There are some signs starting to show, albeit very weak, that there could be late shower and even a thunderstorm in the west on Tuesday. Will be keeping an eye on that.
Wednesday to me only looks like favouring the eastern half of Victoria for thunderstorms in my opinion, where the better moisture is and where the trough is expected to move during the afternoon. For much of the western and the central district, the system moves through at the wrong time, and is only likely to produce scattered showers.
The weekend is looking more interesting, with showers and isolated thunderstorms developing in the west later Friday. However I still think scattered showers at best for the remainder of Victoria on Saturday in a deep southwesterly fetch. Cooler temperatures, but nothing we have not seen before in December. The weekend is looking like a more traditional front as Andrew mentions. Don't really think at this stage we will see big falls.
Still watching the Christmas period ... looking very interesting.
Jake - Senior AWF Forecaster
Feel free to send me a private message if you have any questions.
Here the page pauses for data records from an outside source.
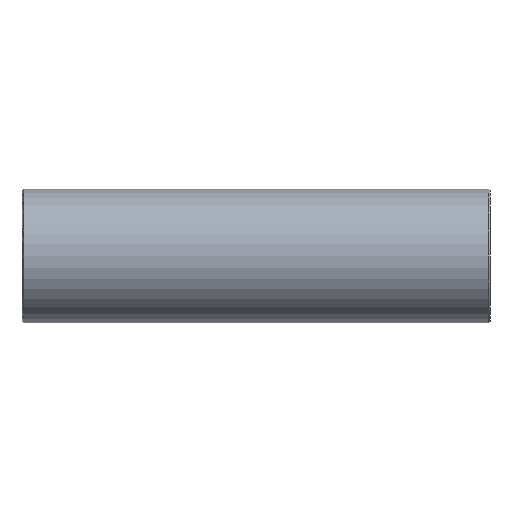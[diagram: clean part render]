
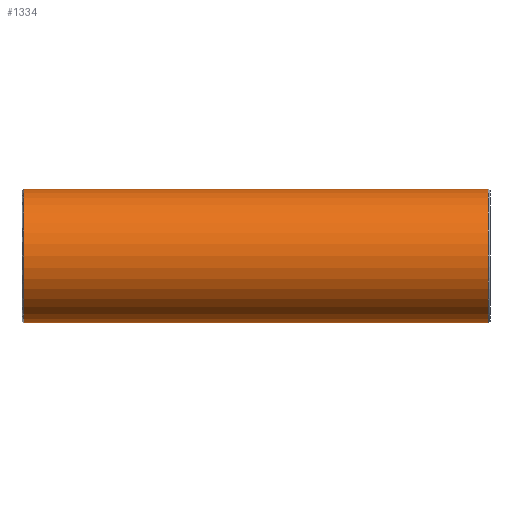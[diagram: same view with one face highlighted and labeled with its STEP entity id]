
A CAD part, front view. The second image highlights one B-rep face of the part: STEP entity #1334.
In plain terms, the highlighted cylindrical face has radius 4 mm (diameter 8 mm), a partial arc.
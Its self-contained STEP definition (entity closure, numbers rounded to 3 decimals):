
#43 = CYLINDRICAL_SURFACE ( 'NONE', #1411, 4. ) ;
#111 = VERTEX_POINT ( 'NONE', #1428 ) ;
#122 = DIRECTION ( 'NONE',  ( 0., 0., -1. ) ) ;
#130 = VECTOR ( 'NONE', #1241, 1000. ) ;
#133 = EDGE_CURVE ( 'NONE', #481, #642, #1007, .T. ) ;
#136 = EDGE_LOOP ( 'NONE', ( #683, #1088, #586, #1387 ) ) ;
#174 = CARTESIAN_POINT ( 'NONE',  ( -38.243, 0., 0. ) ) ;
#217 = LINE ( 'NONE', #325, #965 ) ;
#293 = VERTEX_POINT ( 'NONE', #1119 ) ;
#325 = CARTESIAN_POINT ( 'NONE',  ( -38.243, 0., -4. ) ) ;
#409 = DIRECTION ( 'NONE',  ( 0., 0., 1. ) ) ;
#434 = LINE ( 'NONE', #1371, #130 ) ;
#481 = VERTEX_POINT ( 'NONE', #768 ) ;
#521 = CARTESIAN_POINT ( 'NONE',  ( 13.9, 0., 0. ) ) ;
#541 = EDGE_CURVE ( 'NONE', #111, #293, #626, .T. ) ;
#563 = CARTESIAN_POINT ( 'NONE',  ( 13.9, 0., 4. ) ) ;
#586 = ORIENTED_EDGE ( 'NONE', *, *, #903, .T. ) ;
#626 = CIRCLE ( 'NONE', #963, 4. ) ;
#642 = VERTEX_POINT ( 'NONE', #563 ) ;
#683 = ORIENTED_EDGE ( 'NONE', *, *, #977, .F. ) ;
#768 = CARTESIAN_POINT ( 'NONE',  ( 13.9, 0., -4. ) ) ;
#903 = EDGE_CURVE ( 'NONE', #642, #111, #434, .T. ) ;
#963 = AXIS2_PLACEMENT_3D ( 'NONE', #1509, #1373, #122 ) ;
#965 = VECTOR ( 'NONE', #1258, 1000. ) ;
#977 = EDGE_CURVE ( 'NONE', #481, #293, #217, .T. ) ;
#1007 = CIRCLE ( 'NONE', #1075, 4. ) ;
#1075 = AXIS2_PLACEMENT_3D ( 'NONE', #521, #1443, #409 ) ;
#1085 = DIRECTION ( 'NONE',  ( 0., 0., 1. ) ) ;
#1088 = ORIENTED_EDGE ( 'NONE', *, *, #133, .T. ) ;
#1119 = CARTESIAN_POINT ( 'NONE',  ( -13.9, 0., -4. ) ) ;
#1241 = DIRECTION ( 'NONE',  ( -1., 0., 0. ) ) ;
#1258 = DIRECTION ( 'NONE',  ( -1., 0., 0. ) ) ;
#1334 = ADVANCED_FACE ( 'NONE', ( #1341 ), #43, .T. ) ;
#1335 = DIRECTION ( 'NONE',  ( -1., 0., 0. ) ) ;
#1341 = FACE_OUTER_BOUND ( 'NONE', #136, .T. ) ;
#1371 = CARTESIAN_POINT ( 'NONE',  ( -38.243, 0., 4. ) ) ;
#1373 = DIRECTION ( 'NONE',  ( 1., 0., 0. ) ) ;
#1387 = ORIENTED_EDGE ( 'NONE', *, *, #541, .T. ) ;
#1411 = AXIS2_PLACEMENT_3D ( 'NONE', #174, #1335, #1085 ) ;
#1428 = CARTESIAN_POINT ( 'NONE',  ( -13.9, 0., 4. ) ) ;
#1443 = DIRECTION ( 'NONE',  ( -1., 0., 0. ) ) ;
#1509 = CARTESIAN_POINT ( 'NONE',  ( -13.9, 0., 0. ) ) ;

We had a similar cold outbreak around the same time last year. Most likely some very nice cold air instability. Eastern burbs, especially the dandenongs, should do well on the weekend.
Just had a look at Norwegian. Has 0.5mm for us on Wednesday but 40mm for us in the next week, most of that falling on Sunday and Monday. Is this a model that is accurate? It always seems to under forecast the rain up here for us. Admittedly I'm new to all of this and don't often look at it's forecasts this far out but it happened to catch my eye.